The trick is to generalize our bit-twiddling to arbitrary bases. In binary, the left-shift operation x << i is equivalent to \(x \cdot 2^i\), and likewise the right-shift operation x >> i is equivalent to \(x \div 2^i \). To generalize these operations from base-2 to base-n, just replace 2 with n. For the other bitwise operations, we can use a combination of addition and subtraction.

The new code looks like this:

// The representation of a single cell.
typedef enum cell {
    EMPTY  = 0,
    CROSS  = 1,
    CIRCLE = 2,
} cell;

// Think of the game sate as a base-3 number with 9 digits.
typedef uint16_t state;

// A helper to compute pow(3, i), when 0 <= i < 9.
static int pow3(int i) {
    if (i < 0 || 9 <= i) return 1;
    static int p[] = {1, 3, 9, 27, 81, 243, 729, 2187, 6561};
    return p[i];
}

cell get_cell(state s, int i) {
    int div = pow3(i);     // Get the base-3 offset of the cell.
    return (s / div) % 3;  // "Shift" the base-3 number and read the cell.
}

void set_cell(state *s, int i, cell val) {
    int div = pow3(i);         // Get the base-3 offset of the cell.
    int old = (*s / div) % 3;  // Read the old value of the cell.
    *s -= old * div;           // Reset the cell to empty.
    *s += val * div;           // Set the cell value.
}

Conclusion

Is this any better? It depends, but probably not.

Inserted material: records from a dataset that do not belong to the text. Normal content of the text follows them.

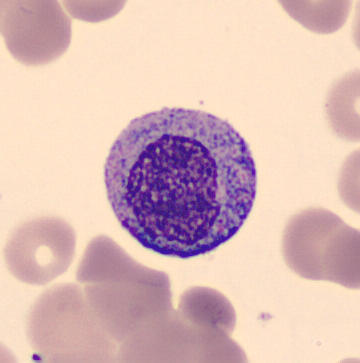

Peripheral blood film.
The cell type is myelocyte.
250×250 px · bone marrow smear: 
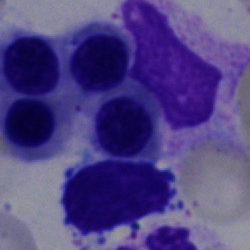
Impression — nucleated red cell.
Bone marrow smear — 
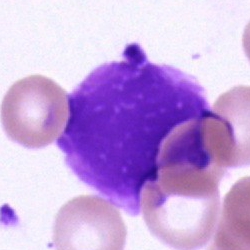

Q: What is shown here?
A: It is an artefact.
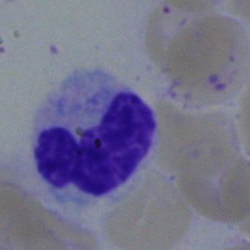Cell type — monocyte.
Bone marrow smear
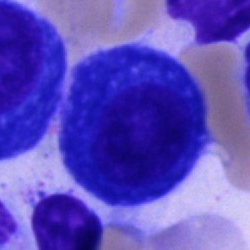
{"cell_type": "plasma cell", "lineage": "lymphoid"}
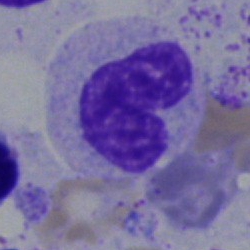
Impression → band-form neutrophil.
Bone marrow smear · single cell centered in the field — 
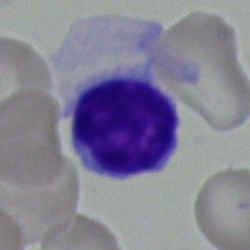
Morphology — typical lymphocyte.
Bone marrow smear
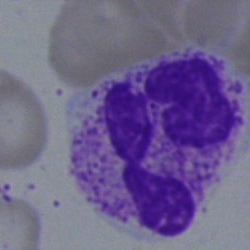 A polymorphonuclear neutrophil.
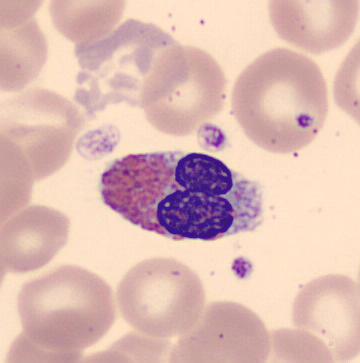
Peripheral blood smear.

Morphology — eosinophilic granulocyte.
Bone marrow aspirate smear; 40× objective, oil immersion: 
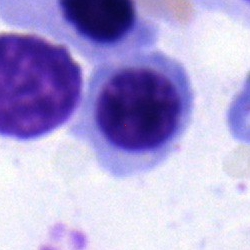
Morphology consistent with a nucleated red cell.
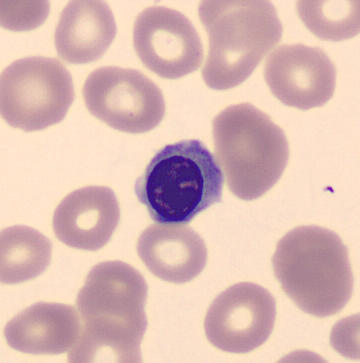

A nucleated red cell on a peripheral blood smear.
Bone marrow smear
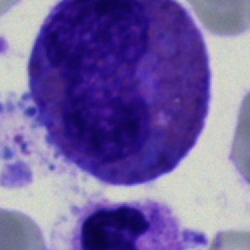

Impression → eosinophilic granulocyte.
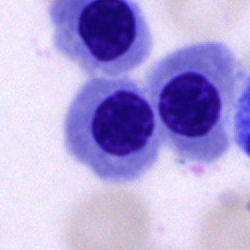Specimen: bone marrow smear.
Morphological class: nucleated red blood cell.
Lineage: erythroid.
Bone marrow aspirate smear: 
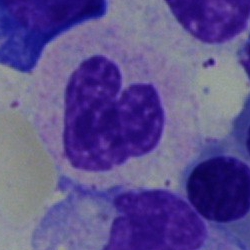
This is a stab cell.
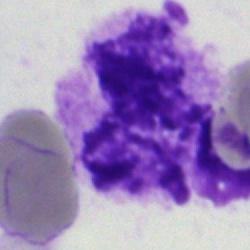 Cell type: artifact.
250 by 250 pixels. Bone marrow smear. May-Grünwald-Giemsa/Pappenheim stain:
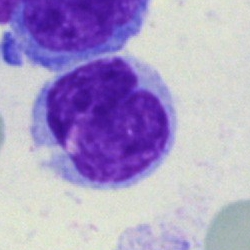 The cell shown is a typical lymphocyte.
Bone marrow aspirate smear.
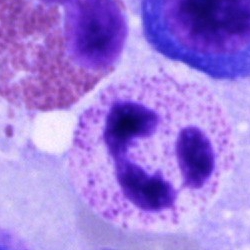Classification: segmented neutrophil.
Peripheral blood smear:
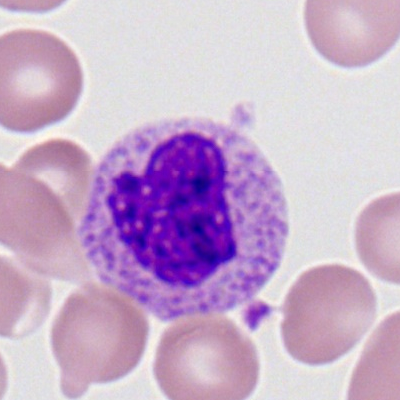 Impression → neutrophil (segmented).
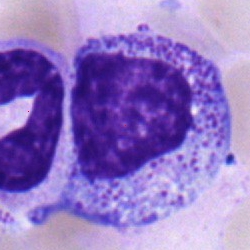 A myelocyte.
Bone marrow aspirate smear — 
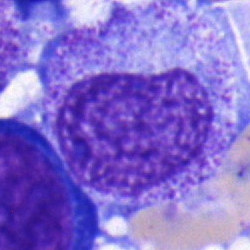This is a progranulocyte.
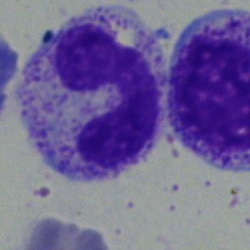

Morphology consistent with a neutrophil (band).
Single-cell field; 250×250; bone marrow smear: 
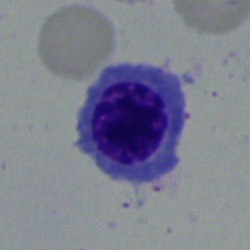 This is a nucleated red cell.
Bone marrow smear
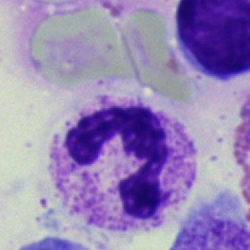Cell: polymorphonuclear neutrophil.
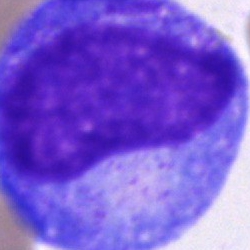
The cell shown is a promyelocyte.
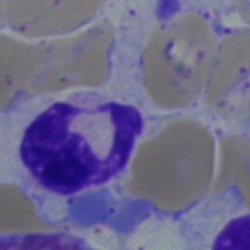 {"cell_type": "neutrophil (segmented)", "lineage": "myeloid"}
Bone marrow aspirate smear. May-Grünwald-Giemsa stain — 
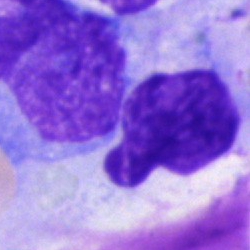The cell type is unidentifiable cell.
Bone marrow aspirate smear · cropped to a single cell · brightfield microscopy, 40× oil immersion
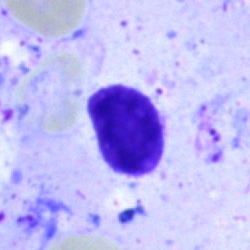 An artifact.
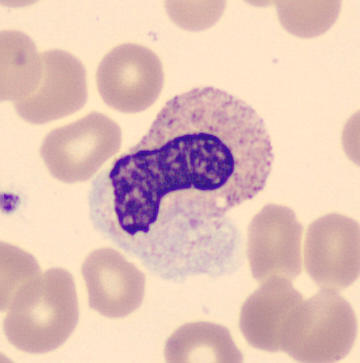 Band-form neutrophil.
Image: Peripheral blood film. Single-cell crop.
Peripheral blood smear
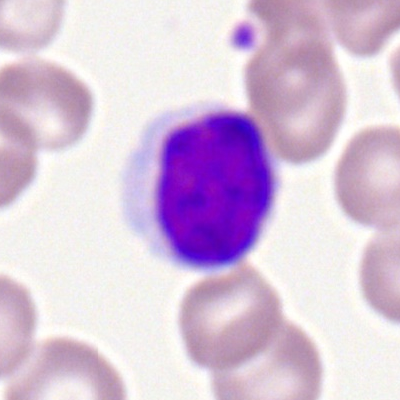
{"cell_type": "lymphocyte"}
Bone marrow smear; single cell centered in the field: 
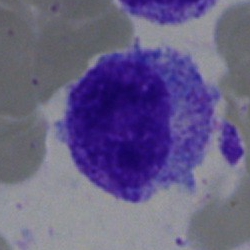

The cell shown is a progranulocyte.
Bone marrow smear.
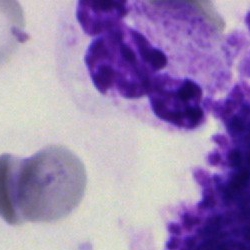

A polymorphonuclear neutrophil.
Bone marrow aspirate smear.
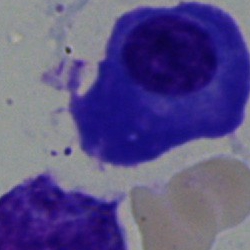 Showing a plasma cell.
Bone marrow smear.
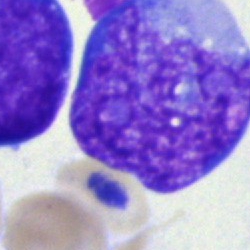

Showing a blast.
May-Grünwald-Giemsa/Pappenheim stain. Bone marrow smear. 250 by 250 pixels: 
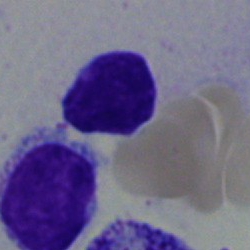 A lymphocyte.
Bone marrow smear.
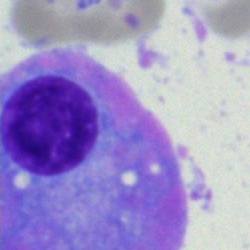 Morphology consistent with a plasmacyte.
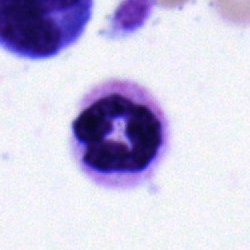
Specimen: bone marrow smear.
Cell: neutrophil (segmented).
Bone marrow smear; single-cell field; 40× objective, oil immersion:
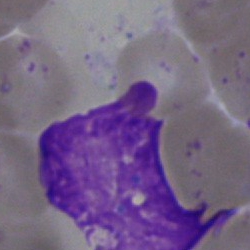
Q: What is shown here?
A: Artefact.
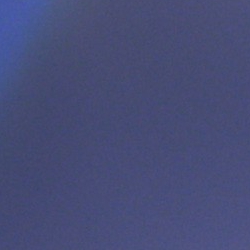

Classification = artefact.
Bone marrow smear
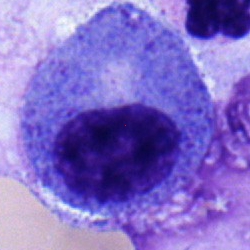This is a progranulocyte.
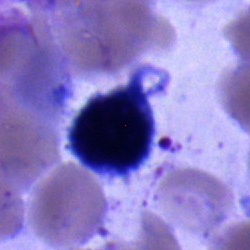

Morphology — lymphocyte.
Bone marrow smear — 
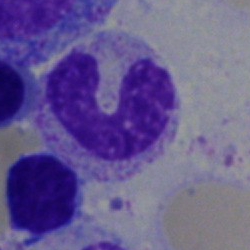
Specimen: bone marrow aspirate smear.
Classification: stab cell.
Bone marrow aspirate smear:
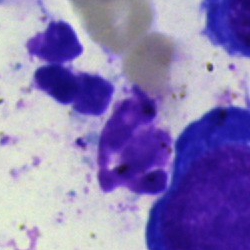
Polymorphonuclear neutrophil.
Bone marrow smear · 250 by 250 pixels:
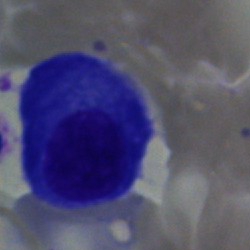

Showing a plasmacyte.
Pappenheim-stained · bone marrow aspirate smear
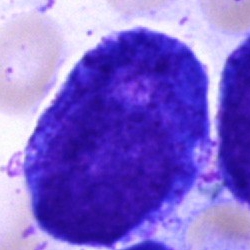
Single cell identified as a progranulocyte.
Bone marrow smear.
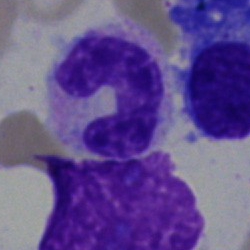{"cell_type": "neutrophil (band)"}
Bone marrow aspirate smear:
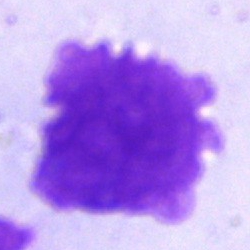Cell type: artifact.
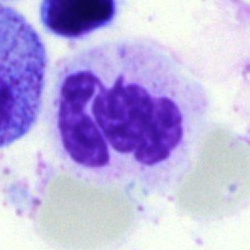
A polymorphonuclear neutrophil.
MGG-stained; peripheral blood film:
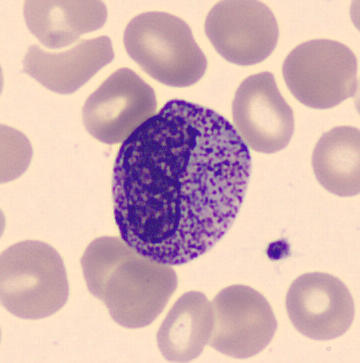Morphology — metamyelocyte.
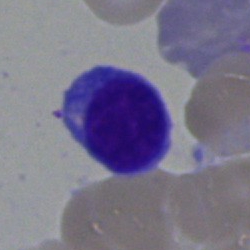 The classification is typical lymphocyte.
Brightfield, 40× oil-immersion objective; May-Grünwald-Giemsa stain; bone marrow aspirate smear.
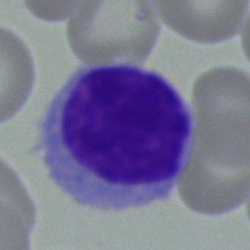

Typical lymphocyte.
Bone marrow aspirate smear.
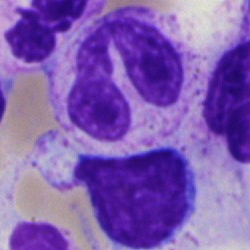 Q: What type of cell is this?
A: It is a segmented neutrophil.
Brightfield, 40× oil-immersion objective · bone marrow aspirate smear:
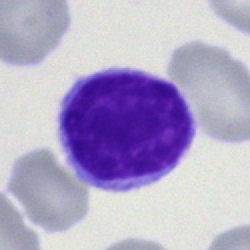Impression — typical lymphocyte.
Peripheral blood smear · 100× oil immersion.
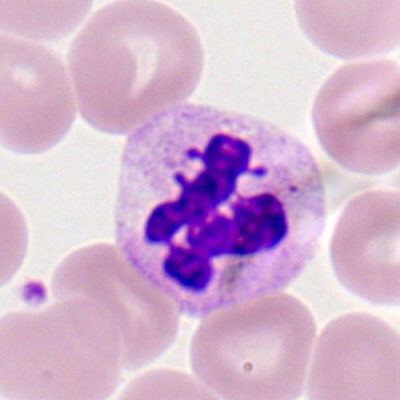

Specimen: peripheral blood smear.
Cell type: polymorphonuclear neutrophil.
Lineage: myeloid.
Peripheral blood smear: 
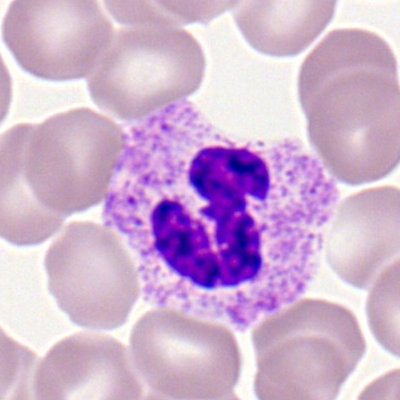Impression → segmented neutrophil.
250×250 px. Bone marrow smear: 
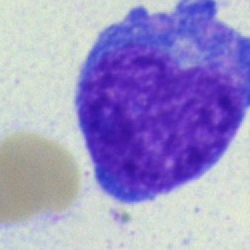
Morphology → blast cell.

If you had a very large number of game states that you needed to store, you could pack them tightly using 18 bits for the base-4 representation or 15 bits for the base-3 representation. That’s a savings of 16%, which may or may not be worth it.

And if you’re chosing a representation for CPU performance, then the base-4 representation wins hands down. The base-3 representation has a lof of multiplication and division that can’t be easily optimized away.

But if you had some wild application where you needed to keep trillions of game states unpacked in memory, then sure, use base-3.

This is a wild case of premature optimization that nobody asked for. 😅

You can find test cases on GitHub.

  1. https://www.egr.msu.edu/~kdeb/papers/k2007002.pdf 

  2. Technically, we need \(\log_2(765) \approx 9.58\) bits, but there is no good way to use that final fraction of a bit. 

  3. Again, we technically only need \(\log_2(3^9) \approx 14.26\) bits.